С петровских времен сохранялся и ритуал похорон императора. А. Н. Бенуа вспоминал процессию, которую он видел 8 марта 1881 года, в день погребения Александра II: «Наконец, после многосотенной толпы духовенства в черных ризах появилась и печальная колесница с гробом… Цугом запряженных лошадей (в четыре или шесть пар) в траурных попонах вели под уздцы конюхи в своих эффектных мрачных ливреях. Тут же шли в касках с спадающим черным плюмажем скороходы. Четыре края высокого балдахина были уставлены рядами рыцарских шлемов с колыхающимися перьями… Гроб, покрытый золотой парчой, стоял на высоком помосте». По традиции траурное шествие включало символические изображения Жизни и Смерти. «Жизнь была представлена закованным в золотую броню рыцарем, верхом на покрытом золотой парчой коне. Смерть олицетворял рыцарь в черных доспехах, следовавший пешком… черный рыцарь с опущенным забралом шел такой ковыляющей походкой, его так качало во все стороны, он так волочил ноги, что его можно было заподозрить в нетрезвости. Потом рассказывали, что, дойдя до крепости, этот несчастный пеший „рыцарь смерти“ свалился в беспамятстве или даже умер. Несмотря на то, что для этой роли нашелся какой-то доброволец — мясник с Сенной, знаменитый своей атлетической силой. Видимо, и сам Геркулес не смог бы одолеть весь этот путь в пять, по крайней мере, верст пешком, местами по скользкому льду, коченея от холода, неся на своем теле пуда два железа и стали. Ведь его доспехи не были бутафорскими, то были подлинные исторические латы XVI века, выданные из императорского царскосельского арсенала…»

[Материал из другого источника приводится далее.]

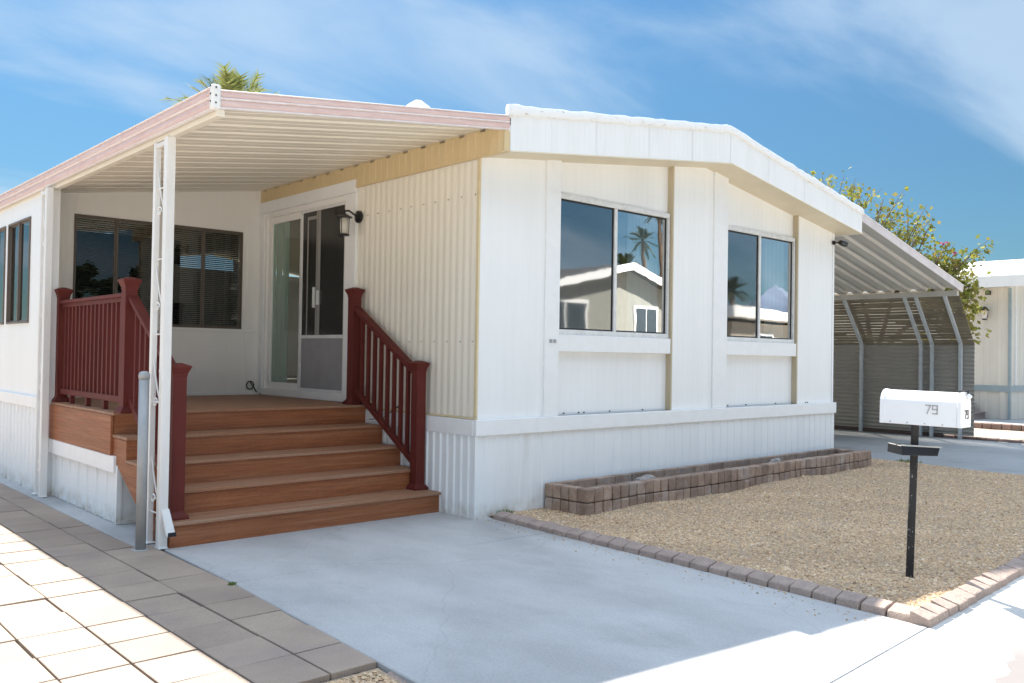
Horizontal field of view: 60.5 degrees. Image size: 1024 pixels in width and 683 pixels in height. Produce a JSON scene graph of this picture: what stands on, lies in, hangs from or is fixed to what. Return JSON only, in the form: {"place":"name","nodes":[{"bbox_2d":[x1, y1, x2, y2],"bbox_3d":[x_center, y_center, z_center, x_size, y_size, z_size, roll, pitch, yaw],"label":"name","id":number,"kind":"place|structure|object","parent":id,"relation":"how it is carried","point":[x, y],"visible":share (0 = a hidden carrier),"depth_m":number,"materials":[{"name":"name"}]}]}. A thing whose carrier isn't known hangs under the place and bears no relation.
{"place":"outdoors","nodes":[
{"label":"outdoors","id":0,"kind":"place"},
{"bbox_2d":[0,477,154,546],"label":"footing path","id":1,"kind":"structure","parent":0,"point":[125,533],"depth_m":7.82,"materials":[{"name":"concrete"}]},
{"bbox_2d":[49,277,440,547],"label":"porch deck","id":2,"kind":"structure","parent":1,"relation":"on","point":[247,466],"depth_m":8.08,"materials":[{"name":"brown wood"}]},
{"bbox_2d":[246,381,256,391],"bbox_3d":[-3.307,0.573,11.141,0.153,0.150,0.016,2,-1,-42],"label":"cable coil","id":3,"kind":"object","parent":2,"relation":"on","point":[251,382],"visible":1,"depth_m":11.13,"materials":[{"name":"black rubber"}]},
{"bbox_2d":[0,100,863,519],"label":"mobile home","id":4,"kind":"object","parent":1,"relation":"on","point":[556,294],"visible":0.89,"depth_m":9.75,"materials":[{"name":"white paint"}]},
{"bbox_2d":[0,226,5,324],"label":"window","id":5,"kind":"structure","parent":4,"relation":"in","point":[2,229],"depth_m":10.35,"materials":[{"name":"glass"}]},
{"bbox_2d":[6,216,30,323],"bbox_3d":[-5.549,-0.781,9.899,0.058,1.160,0.940,2,-1,-42],"label":"window","id":6,"kind":"structure","parent":4,"relation":"in","point":[20,223],"depth_m":9.90,"materials":[{"name":"glass"}]},
{"bbox_2d":[73,214,151,315],"bbox_3d":[-4.563,-0.800,10.086,0.910,1.225,0.106,2,-1,-42],"label":"window","id":7,"kind":"structure","parent":4,"relation":"in","point":[116,237],"depth_m":10.05,"materials":[{"name":"black glass"}]},
{"bbox_2d":[172,225,242,328],"bbox_3d":[-3.806,-0.778,10.776,1.000,1.225,0.106,2,-1,-42],"label":"window","id":8,"kind":"structure","parent":4,"relation":"in","point":[202,290],"depth_m":10.85,"materials":[{"name":"black glass"}]},
{"bbox_2d":[0,83,510,549],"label":"patio awning","id":9,"kind":"object","parent":4,"relation":"attached to","point":[213,137],"visible":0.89,"depth_m":7.53,"materials":[{"name":"paint"}]},
{"bbox_2d":[257,179,358,401],"bbox_3d":[-2.453,-0.549,10.428,0.105,2.440,2.255,2,-1,-42],"label":"sliding door","id":10,"kind":"structure","parent":4,"relation":"in","point":[328,260],"depth_m":10.31,"materials":[{"name":"white paint"}]},
{"bbox_2d":[336,209,362,235],"bbox_3d":[-1.773,-1.284,9.482,0.264,0.290,0.173,2,-1,-42],"label":"wall lantern","id":11,"kind":"object","parent":4,"relation":"attached to","point":[343,217],"depth_m":9.43,"materials":[{"name":"black metal"}]},
{"bbox_2d":[559,193,669,338],"bbox_3d":[1.111,-0.764,9.422,1.805,1.430,0.064,2,-1,-42],"label":"window","id":12,"kind":"structure","parent":4,"relation":"in","point":[614,257],"depth_m":9.38,"materials":[{"name":"glass"}]},
{"bbox_2d":[727,225,794,343],"bbox_3d":[3.195,-0.702,11.320,1.645,1.430,0.064,2,-1,-42],"label":"window","id":13,"kind":"structure","parent":4,"relation":"in","point":[761,265],"depth_m":11.30,"materials":[{"name":"glass"}]},
{"bbox_2d":[832,240,847,246],"bbox_3d":[4.675,-1.397,12.489,0.251,0.086,0.097,1,-1,-27],"label":"security camera","id":14,"kind":"object","parent":4,"relation":"attached to","point":[843,243],"visible":1,"depth_m":12.47,"materials":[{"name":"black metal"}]},
{"bbox_2d":[0,483,375,682],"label":"paver patio","id":15,"kind":"structure","parent":0,"point":[80,602],"depth_m":4.85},
{"bbox_2d":[131,371,149,551],"bbox_3d":[-2.774,0.901,6.587,0.140,1.358,0.136,2,-1,-42],"label":"steel bollard","id":16,"kind":"object","parent":15,"relation":"on","point":[142,461],"visible":0.97,"depth_m":6.56,"materials":[{"name":"metal"}]},
{"bbox_2d":[323,667,381,682],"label":"paver sand bed","id":17,"kind":"object","parent":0,"point":[352,674],"visible":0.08,"depth_m":4.17,"materials":[{"name":"beige sand"}]},
{"bbox_2d":[324,668,400,682],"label":"gravel pocket","id":18,"kind":"object","parent":17,"relation":"on","point":[380,672],"visible":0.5,"depth_m":4.13,"materials":[{"name":"beige gravel"}]},
{"bbox_2d":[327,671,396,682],"bbox_3d":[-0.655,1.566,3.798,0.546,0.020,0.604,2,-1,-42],"label":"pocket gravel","id":19,"kind":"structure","parent":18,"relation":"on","point":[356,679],"depth_m":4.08,"materials":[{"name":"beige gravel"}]},
{"bbox_2d":[161,512,545,581],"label":"driveway","id":20,"kind":"structure","parent":0,"point":[251,558],"depth_m":6.85,"materials":[{"name":"concrete"}]},
{"bbox_2d":[0,0,1023,276],"label":"sky","id":21,"kind":"structure","parent":0,"point":[926,97],"materials":[{"name":"blue"}]},
{"bbox_2d":[236,533,927,682],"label":"driveway apron","id":22,"kind":"object","parent":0,"point":[534,609],"visible":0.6,"depth_m":5.01,"materials":[{"name":"concrete"}]},
{"bbox_2d":[478,519,880,624],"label":"spilled stones","id":23,"kind":"object","parent":22,"relation":"on","point":[686,571],"visible":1,"depth_m":6.08,"materials":[{"name":"beige gravel"}]},
{"bbox_2d":[491,458,1023,607],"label":"gravel bed","id":24,"kind":"object","parent":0,"point":[861,523],"visible":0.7,"depth_m":8.04,"materials":[{"name":"beige gravel"}]},
{"bbox_2d":[493,511,512,521],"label":"edging block","id":25,"kind":"structure","parent":24,"relation":"on","point":[501,516],"depth_m":7.99,"materials":[{"name":"concrete"}]},
{"bbox_2d":[504,514,523,523],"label":"edging block","id":26,"kind":"structure","parent":24,"relation":"on","point":[512,518],"depth_m":7.87,"materials":[{"name":"concrete"}]},
{"bbox_2d":[516,516,535,526],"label":"edging block","id":27,"kind":"structure","parent":24,"relation":"on","point":[524,521],"depth_m":7.74,"materials":[{"name":"grey concrete"}]},
{"bbox_2d":[528,520,546,529],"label":"edging block","id":28,"kind":"structure","parent":24,"relation":"on","point":[536,524],"depth_m":7.61,"materials":[{"name":"grey concrete"}]},
{"bbox_2d":[540,521,560,533],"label":"edging block","id":29,"kind":"structure","parent":24,"relation":"on","point":[549,527],"depth_m":7.49,"materials":[{"name":"grey concrete"}]},
{"bbox_2d":[553,525,573,536],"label":"edging block","id":30,"kind":"structure","parent":24,"relation":"on","point":[562,530],"depth_m":7.36,"materials":[{"name":"grey concrete"}]},
{"bbox_2d":[566,528,586,539],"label":"edging block","id":31,"kind":"structure","parent":24,"relation":"on","point":[575,533],"depth_m":7.24,"materials":[{"name":"grey concrete"}]},
{"bbox_2d":[579,530,601,543],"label":"edging block","id":32,"kind":"structure","parent":24,"relation":"on","point":[588,536],"depth_m":7.12,"materials":[{"name":"grey concrete"}]},
{"bbox_2d":[593,535,615,546],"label":"edging block","id":33,"kind":"structure","parent":24,"relation":"on","point":[603,540],"depth_m":6.99,"materials":[{"name":"grey concrete"}]},
{"bbox_2d":[608,537,631,550],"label":"edging block","id":34,"kind":"structure","parent":24,"relation":"on","point":[619,543],"depth_m":6.86,"materials":[{"name":"grey concrete"}]},
{"bbox_2d":[623,541,646,554],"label":"edging block","id":35,"kind":"structure","parent":24,"relation":"on","point":[633,547],"depth_m":6.74,"materials":[{"name":"grey concrete"}]},
{"bbox_2d":[639,545,663,558],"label":"edging block","id":36,"kind":"structure","parent":24,"relation":"on","point":[649,551],"depth_m":6.62,"materials":[{"name":"grey concrete"}]},
{"bbox_2d":[655,549,679,562],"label":"edging block","id":37,"kind":"structure","parent":24,"relation":"on","point":[666,555],"depth_m":6.49,"materials":[{"name":"grey concrete"}]},
{"bbox_2d":[672,552,696,567],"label":"edging block","id":38,"kind":"structure","parent":24,"relation":"on","point":[683,559],"depth_m":6.37,"materials":[{"name":"grey concrete"}]},
{"bbox_2d":[690,556,715,571],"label":"edging block","id":39,"kind":"structure","parent":24,"relation":"on","point":[702,563],"depth_m":6.24,"materials":[{"name":"grey concrete"}]},
{"bbox_2d":[545,448,870,515],"bbox_3d":[2.618,1.575,10.274,5.734,0.297,0.558,2,-1,-42],"label":"brick planter","id":40,"kind":"object","parent":24,"relation":"on","point":[592,496],"visible":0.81,"depth_m":9.41,"materials":[{"name":"brick"}]},
{"bbox_2d":[634,474,655,480],"bbox_3d":[1.407,1.467,9.122,0.389,0.180,0.203,2,-1,-42],"label":"rock","id":41,"kind":"object","parent":40,"relation":"in","point":[647,476],"visible":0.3,"depth_m":9.05,"materials":[{"name":"grey stone"}]},
{"bbox_2d":[769,458,780,462],"bbox_3d":[3.259,1.521,10.838,0.242,0.167,0.149,2,-1,-42],"label":"rock","id":42,"kind":"object","parent":40,"relation":"in","point":[775,460],"visible":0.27,"depth_m":10.78,"materials":[{"name":"grey stone"}]},
{"bbox_2d":[709,561,734,576],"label":"edging block","id":43,"kind":"structure","parent":24,"relation":"on","point":[720,568],"depth_m":6.11,"materials":[{"name":"grey concrete"}]},
{"bbox_2d":[727,565,754,581],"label":"edging block","id":44,"kind":"structure","parent":24,"relation":"on","point":[738,572],"depth_m":5.99,"materials":[{"name":"grey concrete"}]},
{"bbox_2d":[747,570,775,586],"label":"edging block","id":45,"kind":"structure","parent":24,"relation":"on","point":[760,578],"depth_m":5.86,"materials":[{"name":"grey concrete"}]},
{"bbox_2d":[768,575,796,591],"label":"edging block","id":46,"kind":"structure","parent":24,"relation":"on","point":[780,582],"depth_m":5.74,"materials":[{"name":"grey concrete"}]},
{"bbox_2d":[789,579,819,597],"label":"edging block","id":47,"kind":"structure","parent":24,"relation":"on","point":[802,587],"depth_m":5.62,"materials":[{"name":"grey concrete"}]},
{"bbox_2d":[812,585,842,603],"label":"edging block","id":48,"kind":"structure","parent":24,"relation":"on","point":[825,593],"depth_m":5.49,"materials":[{"name":"grey concrete"}]},
{"bbox_2d":[836,590,867,610],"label":"edging block","id":49,"kind":"structure","parent":24,"relation":"on","point":[850,599],"depth_m":5.37,"materials":[{"name":"grey concrete"}]},
{"bbox_2d":[861,596,893,616],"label":"edging block","id":50,"kind":"structure","parent":24,"relation":"on","point":[875,605],"depth_m":5.24,"materials":[{"name":"beige concrete"}]},
{"bbox_2d":[887,603,915,622],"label":"edging block","id":51,"kind":"structure","parent":24,"relation":"on","point":[899,611],"depth_m":5.13,"materials":[{"name":"beige concrete"}]},
{"bbox_2d":[879,389,971,577],"bbox_3d":[2.840,1.009,6.036,0.334,1.363,0.576,2,-1,-42],"label":"mailbox","id":52,"kind":"object","parent":24,"relation":"on","point":[914,409],"visible":0.96,"depth_m":6.03,"materials":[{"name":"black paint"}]},
{"bbox_2d":[957,390,971,427],"bbox_3d":[3.038,0.453,5.887,0.206,0.251,0.088,2,-1,-42],"label":"mailbox door","id":53,"kind":"structure","parent":52,"relation":"in","point":[964,399],"depth_m":5.86,"materials":[{"name":"white metal"}]},
{"bbox_2d":[833,575,1023,682],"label":"street","id":54,"kind":"structure","parent":0,"point":[980,641],"depth_m":4.66,"materials":[{"name":"concrete"}]},
{"bbox_2d":[910,607,939,627],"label":"edging block","id":55,"kind":"structure","parent":54,"relation":"on","point":[923,617],"depth_m":5.02,"materials":[{"name":"beige concrete"}]},
{"bbox_2d":[920,602,948,621],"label":"edging block","id":56,"kind":"structure","parent":54,"relation":"on","point":[942,613],"depth_m":5.14,"materials":[{"name":"beige concrete"}]},
{"bbox_2d":[930,597,957,616],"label":"edging block","id":57,"kind":"structure","parent":54,"relation":"on","point":[951,607],"depth_m":5.25,"materials":[{"name":"beige concrete"}]},
{"bbox_2d":[940,591,967,611],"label":"edging block","id":58,"kind":"structure","parent":54,"relation":"on","point":[958,600],"depth_m":5.37,"materials":[{"name":"grey concrete"}]},
{"bbox_2d":[951,588,976,605],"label":"edging block","id":59,"kind":"structure","parent":54,"relation":"on","point":[971,598],"depth_m":5.49,"materials":[{"name":"grey concrete"}]},
{"bbox_2d":[958,584,983,600],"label":"edging block","id":60,"kind":"structure","parent":54,"relation":"on","point":[978,593],"depth_m":5.60,"materials":[{"name":"grey concrete"}]},
{"bbox_2d":[966,580,992,596],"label":"edging block","id":61,"kind":"structure","parent":54,"relation":"on","point":[986,589],"depth_m":5.71,"materials":[{"name":"grey concrete"}]},
{"bbox_2d":[974,576,999,591],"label":"edging block","id":62,"kind":"structure","parent":54,"relation":"on","point":[994,585],"depth_m":5.82,"materials":[{"name":"grey concrete"}]},
{"bbox_2d":[982,572,1006,587],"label":"edging block","id":63,"kind":"structure","parent":54,"relation":"on","point":[1002,581],"depth_m":5.93,"materials":[{"name":"grey concrete"}]},
{"bbox_2d":[989,569,1012,583],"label":"edging block","id":64,"kind":"structure","parent":54,"relation":"on","point":[1007,576],"depth_m":6.05,"materials":[{"name":"grey concrete"}]},
{"bbox_2d":[996,565,1019,579],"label":"edging block","id":65,"kind":"structure","parent":54,"relation":"on","point":[1015,573],"depth_m":6.16,"materials":[{"name":"grey concrete"}]},
{"bbox_2d":[994,642,1023,682],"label":"gutter stain","id":66,"kind":"object","parent":54,"relation":"on","point":[1016,672],"visible":1,"depth_m":4.40,"materials":[{"name":"beige concrete"}]},
{"bbox_2d":[1004,561,1023,575],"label":"edging block","id":67,"kind":"structure","parent":54,"relation":"on","point":[1020,568],"depth_m":6.26,"materials":[{"name":"grey concrete"}]},
{"bbox_2d":[1010,557,1023,565],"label":"edging block","id":68,"kind":"structure","parent":54,"relation":"on","point":[1016,560],"depth_m":6.40,"materials":[{"name":"grey concrete"}]},
{"bbox_2d":[834,429,1023,474],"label":"carport drive","id":69,"kind":"structure","parent":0,"point":[994,456],"depth_m":14.75,"materials":[{"name":"concrete"}]},
{"bbox_2d":[814,177,974,438],"bbox_3d":[3.618,-0.241,18.070,6.312,4.125,8.983,2,-1,-42],"label":"carport","id":70,"kind":"object","parent":69,"relation":"on","point":[873,260],"visible":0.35,"depth_m":17.39,"materials":[{"name":"paint"}]},
{"bbox_2d":[896,458,920,462],"bbox_3d":[5.621,1.708,12.446,0.385,0.123,0.387,2,-1,-42],"label":"weed","id":71,"kind":"object","parent":69,"relation":"on","point":[901,460],"visible":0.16,"depth_m":12.46,"materials":[{"name":"green plant"}]},
{"bbox_2d":[945,428,1023,439],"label":"side strip gravel","id":72,"kind":"structure","parent":0,"point":[1002,434],"depth_m":18.23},
{"bbox_2d":[805,167,998,347],"bbox_3d":[8.405,-1.025,19.261,2.278,5.931,4.320,2,-1,-42],"label":"flowering tree","id":73,"kind":"object","parent":72,"relation":"on","point":[956,265],"visible":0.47,"depth_m":18.60,"materials":[{"name":"green plant"}]},
{"bbox_2d":[974,418,1023,424],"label":"neighbour patio","id":74,"kind":"structure","parent":0,"point":[1015,421],"depth_m":20.60,"materials":[{"name":"concrete"}]},
{"bbox_2d":[834,259,1023,419],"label":"neighbour home","id":75,"kind":"object","parent":74,"relation":"on","point":[999,375],"visible":0.1,"depth_m":21.51,"materials":[{"name":"beige"}]},
{"bbox_2d":[981,306,988,319],"bbox_3d":[11.603,-0.694,21.542,0.211,0.330,0.203,1,-1,-20],"label":"wall lantern","id":76,"kind":"object","parent":75,"relation":"attached to","point":[985,317],"depth_m":21.49,"materials":[{"name":"white glass"}]},
{"bbox_2d":[974,403,985,419],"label":"entry steps","id":77,"kind":"structure","parent":74,"relation":"on","point":[979,414],"depth_m":21.34,"materials":[{"name":"grey concrete"}]},
{"label":"ground","id":78,"kind":"structure","parent":0,"visible":0},
{"bbox_2d":[155,61,281,271],"bbox_3d":[-10.757,-4.311,34.075,6.467,12.624,6.548,2,-1,-42],"label":"palm tree","id":79,"kind":"object","parent":78,"relation":"on","point":[226,80],"visible":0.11,"depth_m":33.48,"materials":[{"name":"green plant"}]},
{"bbox_2d":[387,671,406,682],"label":"edging block","id":80,"kind":"structure","parent":78,"relation":"on","point":[393,675],"depth_m":4.13,"materials":[{"name":"grey concrete"}]},
{"bbox_2d":[839,429,1023,443],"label":"block kerb","id":81,"kind":"structure","parent":78,"relation":"on","point":[986,439],"depth_m":16.71,"materials":[{"name":"concrete"}]},
{"bbox_2d":[974,422,1023,431],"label":"block kerb","id":82,"kind":"structure","parent":78,"relation":"on","point":[1000,426],"depth_m":19.43,"materials":[{"name":"beige concrete"}]}
]}

Этот печальный «рыцарь смерти», почти в беспамятстве провожающий в последний путь убитого императора, и впрямь символический образ. Город еще только раз увидит торжественную церемонию погребения императора, когда в 1894 году умрет Александр III. Сейчас он следует за гробом отца, а в одной из придворных карет едет его тринадцатилетний сын Николай, будущий император Николай II, который с его тринадцатилетним сыном и всей семьей будет расстрелян в 1918 году. Но пока — на закате столетия — ничего подобного нельзя и представить. По Невскому проспекту и Дворцовой набережной спешат придворные кареты; в Летнем саду и на Каменном острове можно встретить кавалькады всадников и всадниц. Аристократки одеты подчеркнуто строго, это выгодно отличает их от «новой аристократии» — богатых дельцов, чьи жены соревнуются в великолепии туалетов и драгоценностей. Когда придворные праздники и торжества выходят на улицы столицы, они кажутся маскарадом из далекого прошлого, хотя со времени пышных торжеств Екатерининской эпохи не минуло и ста лет. А. Н. Бенуа описал такой праздник: «В 1889 году мне выдался случай увидеть вблизи высшее общество, мало того — царский двор и самого царя. В середине июня я в Петербурге был свидетелем одного из последних торжеств в духе и в масштабе великолепных придворных празднеств XVIII века. Праздновалось бракосочетание брата государя, великого князя Павла Александровича с принцессой греческой Александрой Георгиевной… Свадебный обряд был совершен в Казанском соборе, и туда… были доставлены высоконареченные, прибывшие в сопутствии всей царской родни из Петергофа морем и высадившиеся на Английской набережной. Оттуда свадебный поезд проследовал по главным улицам столицы — по Большой Морской и по Невскому проспекту…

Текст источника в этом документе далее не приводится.